The problem: Copy the entries below exactly; any picture among them should be left out.
___ The input
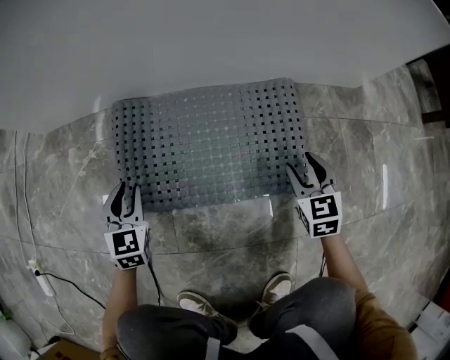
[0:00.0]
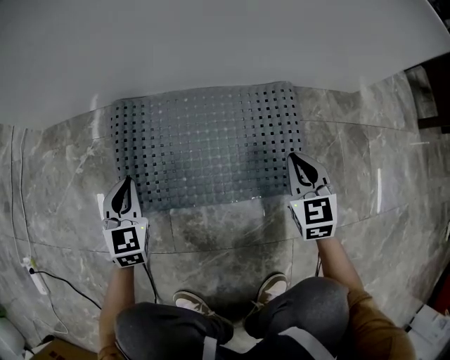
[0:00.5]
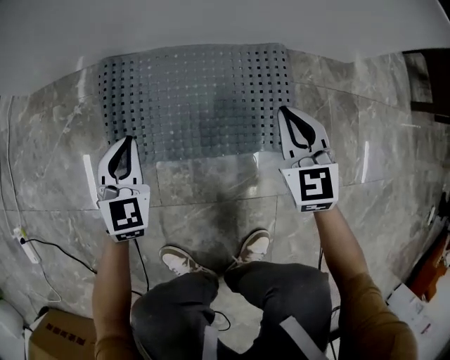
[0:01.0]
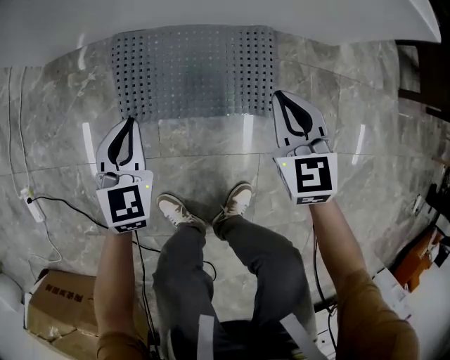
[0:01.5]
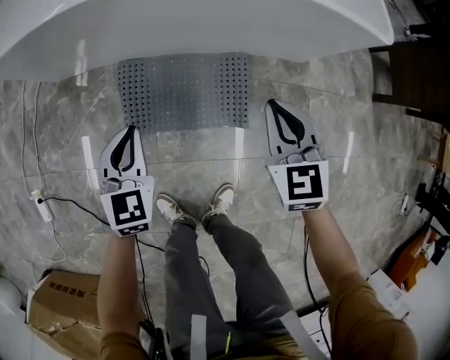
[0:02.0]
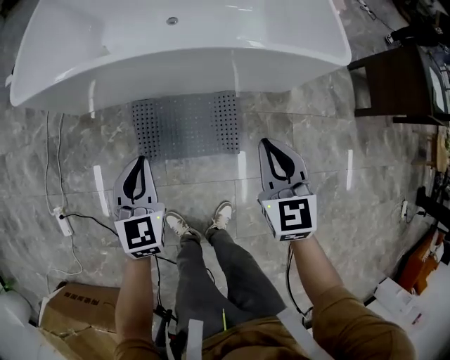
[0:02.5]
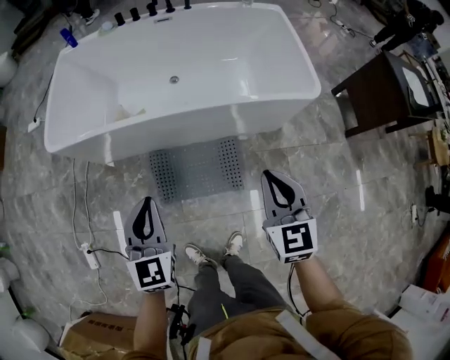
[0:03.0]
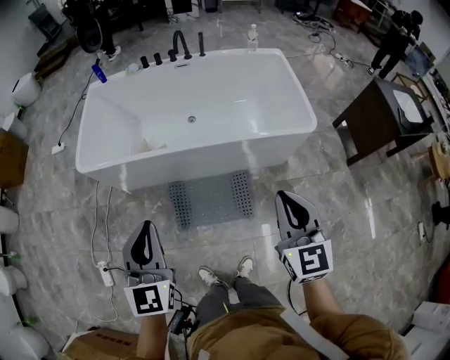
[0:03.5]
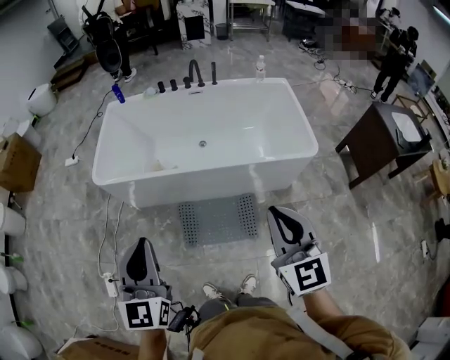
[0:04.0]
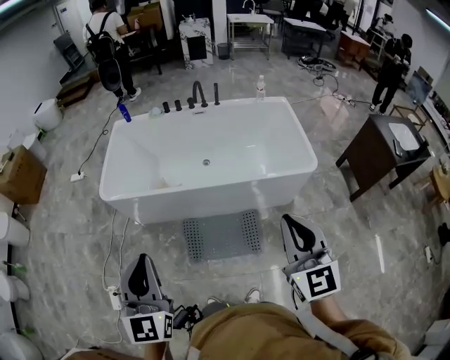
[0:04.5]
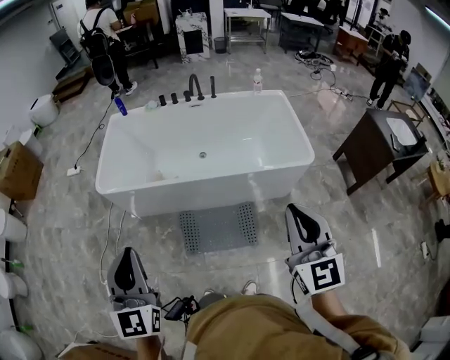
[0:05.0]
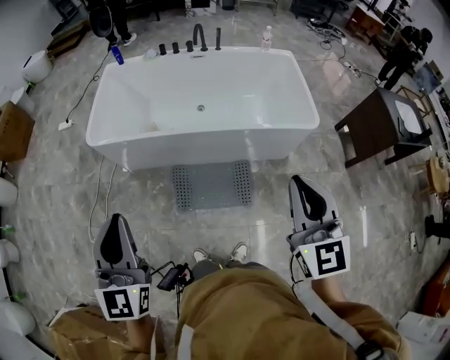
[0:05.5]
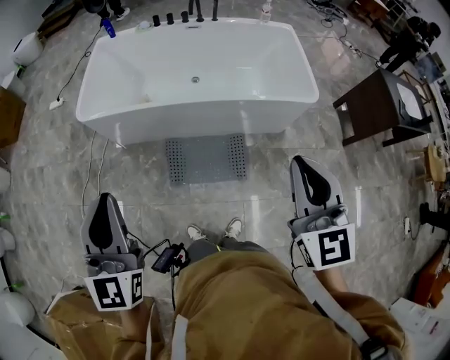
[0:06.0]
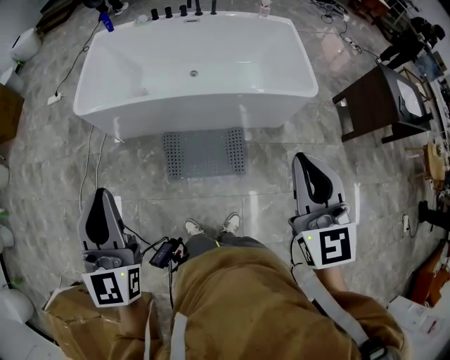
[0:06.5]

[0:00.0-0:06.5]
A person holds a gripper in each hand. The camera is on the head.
0:00.0 to 0:02.0: The two grippers go roughly 40 cm upward. The left gripper closes up, while the right gripper closes.
0:02.0 to 0:04.5: The grippers both shift upward by roughly 60 cm. The right gripper changes its angle by roughly 30 degrees; the left gripper swivels about 30 degrees.
0:04.5 to 0:06.5: The grippers stay close to where they were, moving slightly.
______
Output of the task:
[0:00.0]
[0:00.5]
[0:01.0]
[0:01.5]
[0:02.0]
[0:02.5]
[0:03.0]
[0:03.5]
[0:04.0]
[0:04.5]
[0:05.0]
[0:05.5]
[0:06.0]
[0:06.5]

[0:00.0-0:06.5]
A person holds a gripper in each hand. The camera is on the head.
0:00.0 to 0:02.0: The two grippers go roughly 40 cm upward. The left gripper closes up, while the right gripper closes.
0:02.0 to 0:04.5: The grippers both shift upward by roughly 60 cm. The right gripper changes its angle by roughly 30 degrees; the left gripper swivels about 30 degrees.
0:04.5 to 0:06.5: The grippers stay close to where they were, moving slightly.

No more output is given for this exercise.